После 1971 г. поток деонтологической литературы резко усилился. Что же касается ее содержания, то оно, к сожалению, нередко сводилось к критике «антигуманной западной медицины», утверждениям о неоспоримом моральном превосходстве советской «бесплатной» медицины и советского бескорыстного врача, морализаторству и нравоучительным рассуждениям. Нередким было и обращение к конкретным ситуациям, например из личной практики автора; при этом, однако, старательно обходились действительно сложные ситуации, которые не допускают однозначного морального выбора. Помимо того, что эта литература хотя бы обозначала наличие морально-этических проблем в медицине, интересной ее чертой были все более усиливающиеся с течением времени апелляции к моральному авторитету русской дореволюционной медицины и стремление представить советскую медицину как прямое и непрерывное продолжение лучших традиций прошлого. Оживление интереса к медицинской деонтологии совпало по времени с периодом, когда все более явственно стали обнаруживаться признаки кризиса в советской медицине.

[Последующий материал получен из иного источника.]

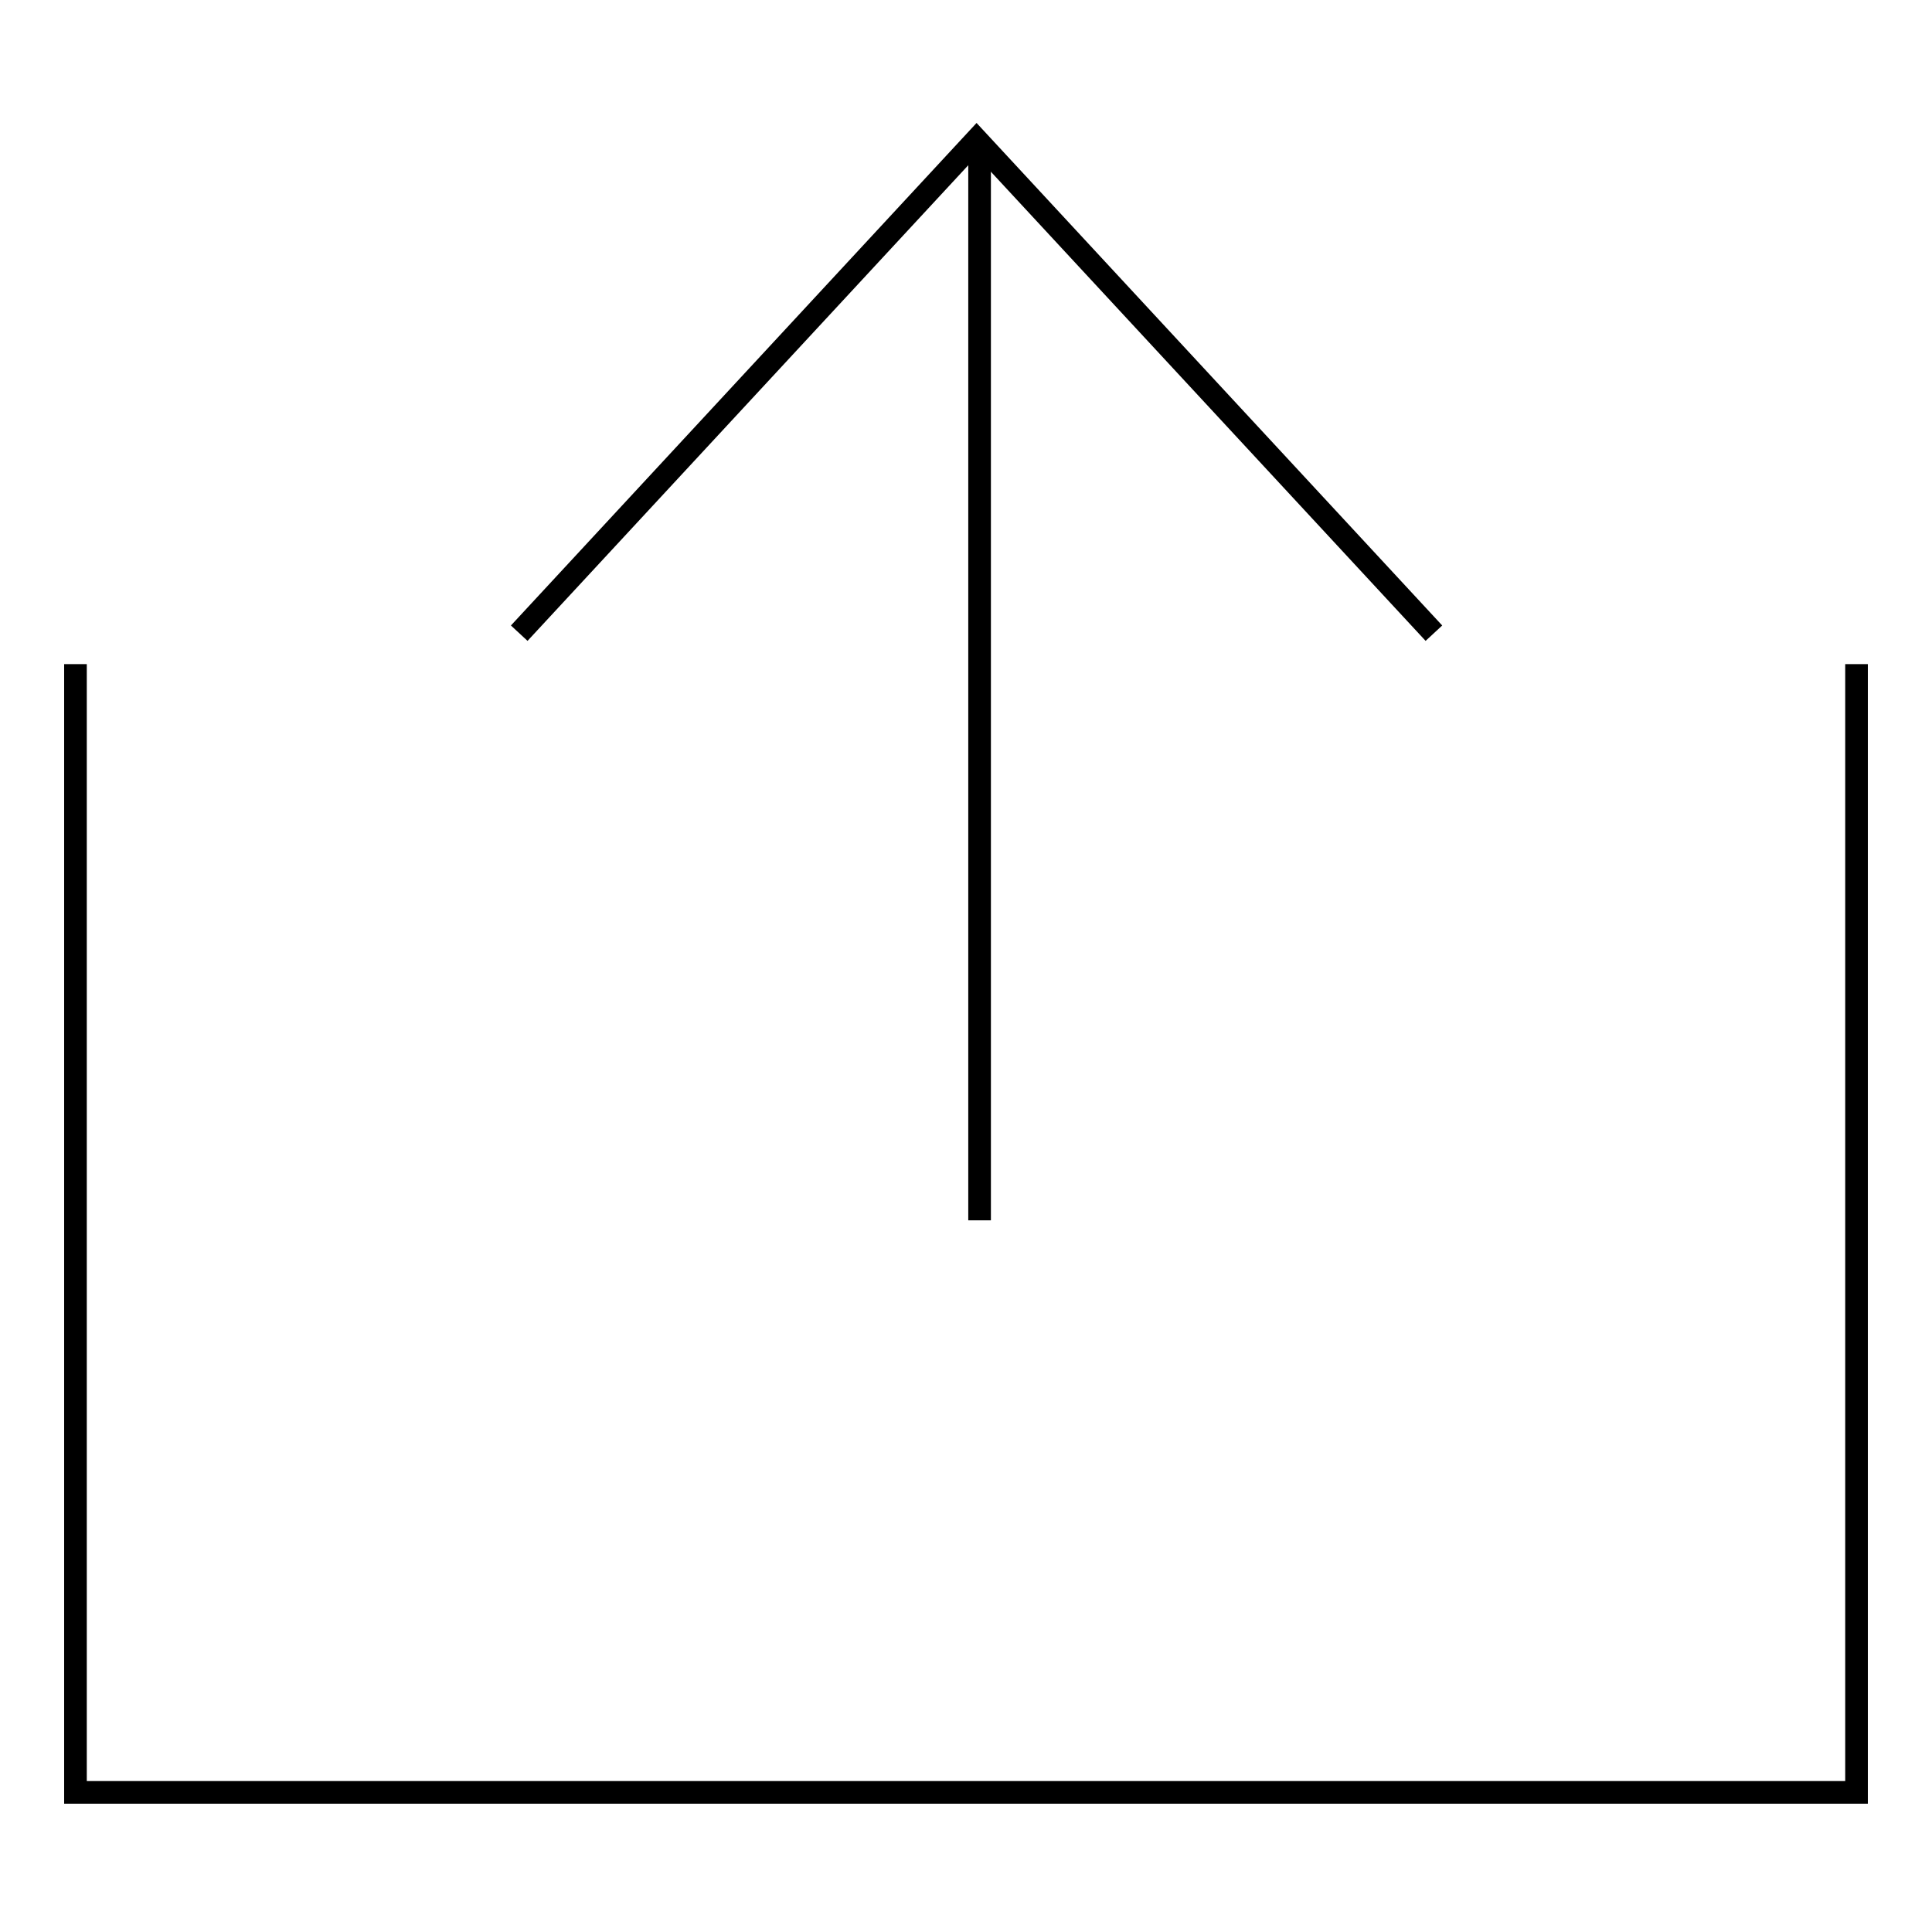 <?xml version="1.0" encoding="utf-8"?>
<!-- Svg Vector Icons : http://www.onlinewebfonts.com/icon -->
<!DOCTYPE svg PUBLIC "-//W3C//DTD SVG 1.1//EN" "http://www.w3.org/Graphics/SVG/1.1/DTD/svg11.dtd">
<svg version="1.1" xmlns="http://www.w3.org/2000/svg" xmlns:xlink="http://www.w3.org/1999/xlink" x="0px" y="0px" viewBox="0 0 256 256" enable-background="new 0 0 256 256" xml:space="preserve">
<g><g><path stroke-width="3" fill-opacity="0" stroke="#000000"  d="M68.8,83.9l60.6-65.4l60.6,65.4"/><path stroke-width="3" fill-opacity="0" stroke="#000000"  d="M129.8,18.5v143.2"/><path stroke-width="3" fill-opacity="0" stroke="#000000"  d="M246,88v149.5H10V88"/></g></g>
</svg>

Обращение к деонтологии, таким образом, в какой-то мере диктовалось стремлением мобилизовать игнорировавшийся прежде моральный фактор перед лицом нарастания кризисных явлений. Однако сама эта попытка, в той мере, в какой она апеллировала лишь к ценностям хотя бы и славного, но безвозвратно ушедшего прошлого, не могла быть успешной. Тем не менее следует отметить, что обсуждение проблем медицинской деонтологии стало у нас в стране одной из предпосылок возникновения и упрочения интереса к биоэтике.